What is required:
Copy each record exactly and skip its pictures.

Data in this exercise below:

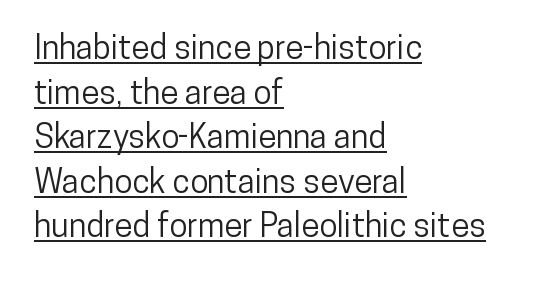
A typesetter would call this proportional, since set widths differ per character. Ordinary non-slanted type is in use. A baseline rule has been typeset under these characters. Line spacing here is normal.
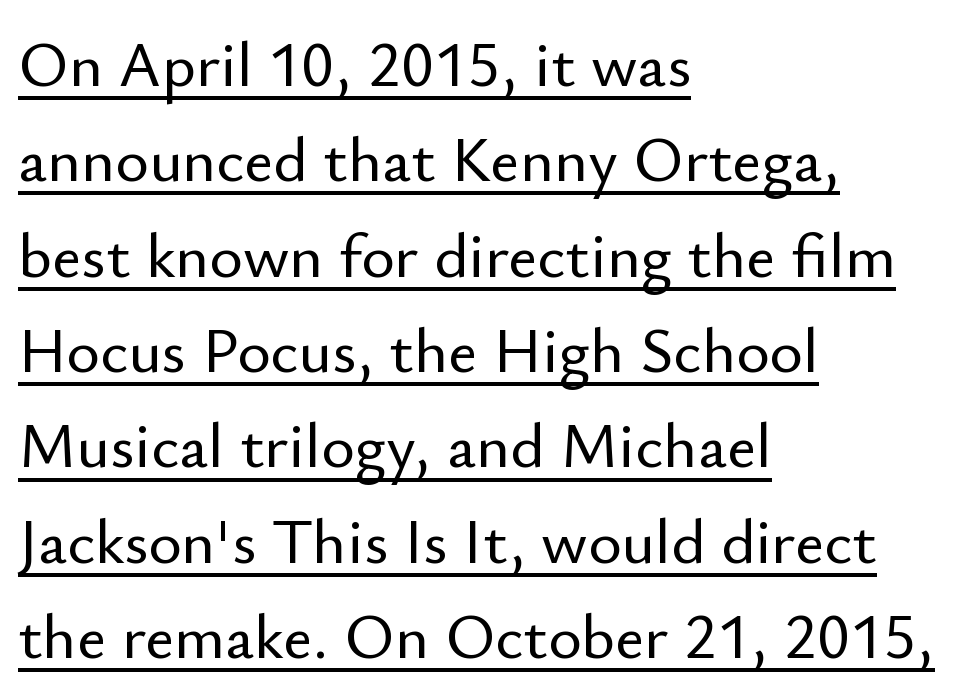
Q: Is the text italic (slanted)? A: No, it is upright.
Q: Is the typeface a serif or a sans-serif typeface? A: Sans-serif.
Q: Is the text underlined? A: Yes.
Q: How is the paragraph aligned? A: Left-aligned.
Q: Is the spacing between letters normal or unusually wide? A: Normal.
Q: Is the spacing between lines tight, normal or loose? A: Normal.
Q: Width (condensed, normal, or wide)? A: Normal.
Q: Stroke contrast? A: Low.
Q: x-height? A: Small.
Q: Monospaced? A: No.

End of Data in this exercise.

Result of this task:
A typesetter would call this proportional, since set widths differ per character. Ordinary non-slanted type is in use. A baseline rule has been typeset under these characters. Line spacing here is normal.
Q: Is the text italic (slanted)? A: No, it is upright.
Q: Is the typeface a serif or a sans-serif typeface? A: Sans-serif.
Q: Is the text underlined? A: Yes.
Q: How is the paragraph aligned? A: Left-aligned.
Q: Is the spacing between letters normal or unusually wide? A: Normal.
Q: Is the spacing between lines tight, normal or loose? A: Normal.
Q: Width (condensed, normal, or wide)? A: Normal.
Q: Stroke contrast? A: Low.
Q: x-height? A: Small.
Q: Monospaced? A: No.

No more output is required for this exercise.